For those familiar with the first edition of the book the relationship between model and parody is still viewed from Nietzsche’s own theoretical utterances and their relationship to the
historical context of his time as well as from a number of parodic contexts, while each of the practical illustrations presents the general pattern of the interrelationship between
Nietzsche and one of his models. Each section centers on one of the poems in Nietzsche’s “Lieder des Prinzen Vogelfrei” [“Songs of Prince Free-as-a-bird”] (1887), the central parodic
document in his lyric production.
For this second revised edition Professor Gilman has added a new chapter on the function of a parodic rereading of Nietzsche’s biography, and has added salient titles to the list of new
books and essays on this topic. He has also made some minor stylistic changes to the earlier chapters, but has neither altered their argument, nor tried in general to up-date them.

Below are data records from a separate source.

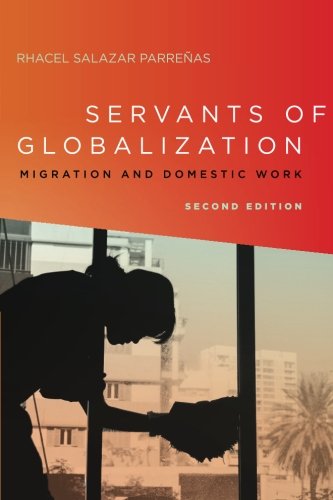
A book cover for Servants of Globalization: Migration and Domestic Work, Second Edition; Rhacel ParreÃ±as; Business & Money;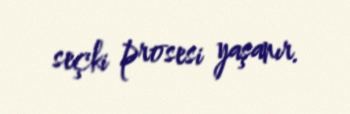
seçki prosesi yaşanır.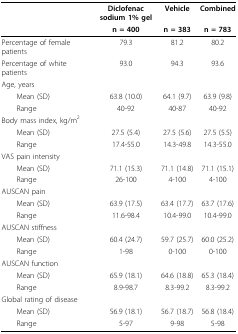
|  | Diclofenac sodium 1% gel | Vehicle | Combined |
 |  | n = 400 | n = 383 | n = 783 |
 | --- | --- | --- | --- |
 | Percentage of female patients | 79.3 | 81.2 | 80.2 |
 | Percentage of white patients | 93.0 | 94.3 | 93.6 |
 | Age, years |  |  |  |
 | Mean (SD) | 63.8 (10.0) | 64.1 (9.7) | 63.9 (9.8) |
 | Range | 40-92 | 40-87 | 40-92 |
 | Body mass index, kg/m2 |  |  |  |
 | Mean (SD) | 27.5 (5.4) | 27.5 (5.6) | 27.5 (5.5) |
 | Range | 17.4-55.0 | 14.3-49.8 | 14.3-55.0 |
 | VAS pain intensity |  |  |  |
 | Mean (SD) | 71.1 (15.3) | 71.1 (14.8) | 71.1 (15.1) |
 | Range | 26-100 | 4-100 | 4-100 |
 | AUSCAN pain |  |  |  |
 | Mean (SD) | 63.9 (17.5) | 63.4 (17.7) | 63.7 (17.6) |
 | Range | 11.6-98.4 | 10.4-99.0 | 10.4-99.0 |
 | AUSCAN stiffness |  |  |  |
 | Mean (SD) | 60.4 (24.7) | 59.7 (25.7) | 60.0 (25.2) |
 | Range | 1-98 | 0-100 | 0-100 |
 | AUSCAN function |  |  |  |
 | Mean (SD) | 65.9 (18.1) | 64.6 (18.8) | 65.3 (18.4) |
 | Range | 8.9-98.7 | 8.3-99.2 | 8.3-99.2 |
 | Global rating of disease |  |  |  |
 | Mean (SD) | 56.9 (18.1) | 56.7 (18.7) | 56.8 (18.4) |
 | Range | 5-97 | 9-98 | 5-98 |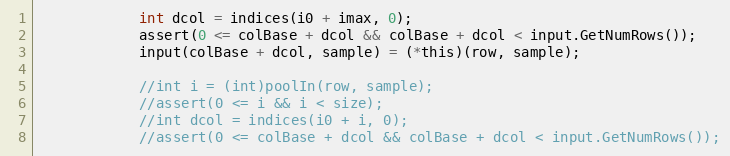
Language: C
            int dcol = indices(i0 + imax, 0);
            assert(0 <= colBase + dcol && colBase + dcol < input.GetNumRows());
            input(colBase + dcol, sample) = (*this)(row, sample);

            //int i = (int)poolIn(row, sample);
            //assert(0 <= i && i < size);
            //int dcol = indices(i0 + i, 0);
            //assert(0 <= colBase + dcol && colBase + dcol < input.GetNumRows());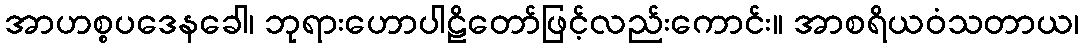
အာဟစ္စပဒေနခေါ၊ ဘုရားဟောပါဠိတော်ဖြင့်လည်းကောင်း။ အာစရိယဝံသတာယ၊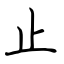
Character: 止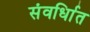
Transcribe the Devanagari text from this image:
संवर्धिात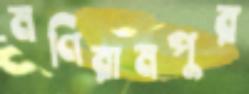
মণিরামপুর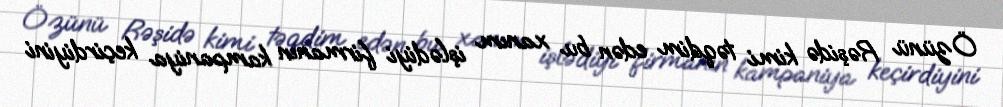
Özünü Rəşidə kimi təqdim edən bu xanım işlədiyi firmanın kampaniya keçirdiyini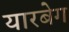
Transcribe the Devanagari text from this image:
यारबेग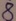
Text: 8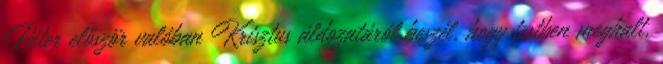
Péter először valóban Krisztus áldozatáról beszél, hogy testben meghalt,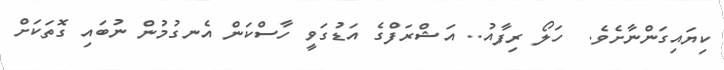
ކިޔައިގަންނާށެވެ.  ހަލޯ ރިފާއު.. އަޝްރަފްގެ އަޑުގަވީ ހާސްކަން އެނގުމުން ނުބައި ގޮތަކަށް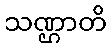
သဏ္ဌာတိ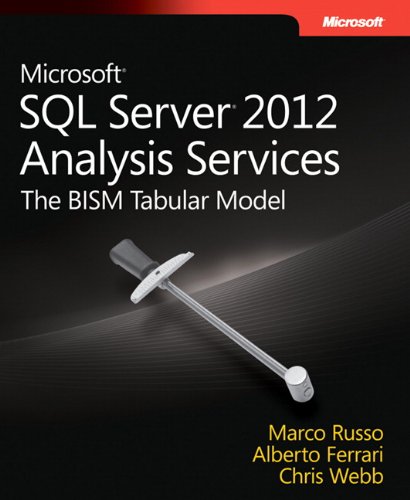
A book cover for Microsoft SQL Server 2012 Analysis Services: The BISM Tabular Model (Developer Reference); Alberto Ferrari; Computers & Technology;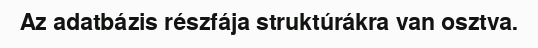
Az adatbázis részfája struktúrákra van osztva.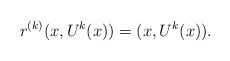
\begin{align*}r^{(k)}(x,U^{k}(x))=(x,U^{k}(x)).\end{align*}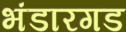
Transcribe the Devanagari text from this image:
भंडारगड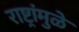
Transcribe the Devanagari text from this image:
राष्ट्रांमुळे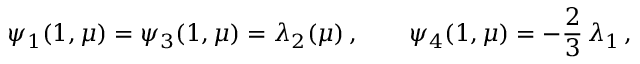
\psi _ { 1 } ( 1 , \mu ) = \psi _ { 3 } ( 1 , \mu ) = \lambda _ { 2 } ( \mu ) \, , \qquad \psi _ { 4 } ( 1 , \mu ) = - \frac 2 3 \, \lambda _ { 1 } \, ,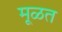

This book continues to add substantially to an innovative re-reading of Nietzsche that has implications for all of his work – from the juvenilia to Zarathustra and beyond.
Contents
Introduction
Part One: Theory
Chapter One – The Aesthetics of Parody: Introduction, Existing models for comedy, Theories of parody in the nineteenth century prior to Nietzsche
Chapter Two – Nietzschean Parody: The juvenilia, A working definition of parody, A positive definition of parody, The role of laughter, The parody of history, The psychology of
parody, The implications of Nietzschean parody
Part Two: Practice
Chapter Three – Nietzsche and Goethe: The juvenilia, Reception as repetition, Faust and the repetition of history, The Chorus mysticus
Chapter Four – Nietzsche and Heine: Introduction, The parody of dialectic, The death of God, Reception, style and content
Chapter Five – Nietzsche and Poe: Poe-mania, “The Principles of Composition,” Nietzsche’s “Raven,” The final parody
Chapter Six – Nietzsche and the Pastoral Metaphor: The bucolic in the nineteenth century and the young Nietzsche, Theocritus and the negative idyl, Leopardi and the idea of
history, The eternal recurrence of the idyl, The nature of the bucolic
Chapter Seven – Two Deaths in 1900: Parody as biography, The first death, The second death, Lying
Notes
Supplementary Bibliography
Index of Proper Names
About the author
Sander Gilman is recognized internationally for his work in a wide range of disciplines including literature, medicine, philosophy, sociology, Jewish studies, German studies and
film studies. He has written, coauthored and edited more than fifty books, spanning a multitude of disciplines and interests, and addressing such wide-ranging topics as the
nature of the Jew in contemporary culture, the significance of Nietzsche and Freud, the construction of ‘the body’ as a cultural symbol, and the relationship between perception
and stereotype in society.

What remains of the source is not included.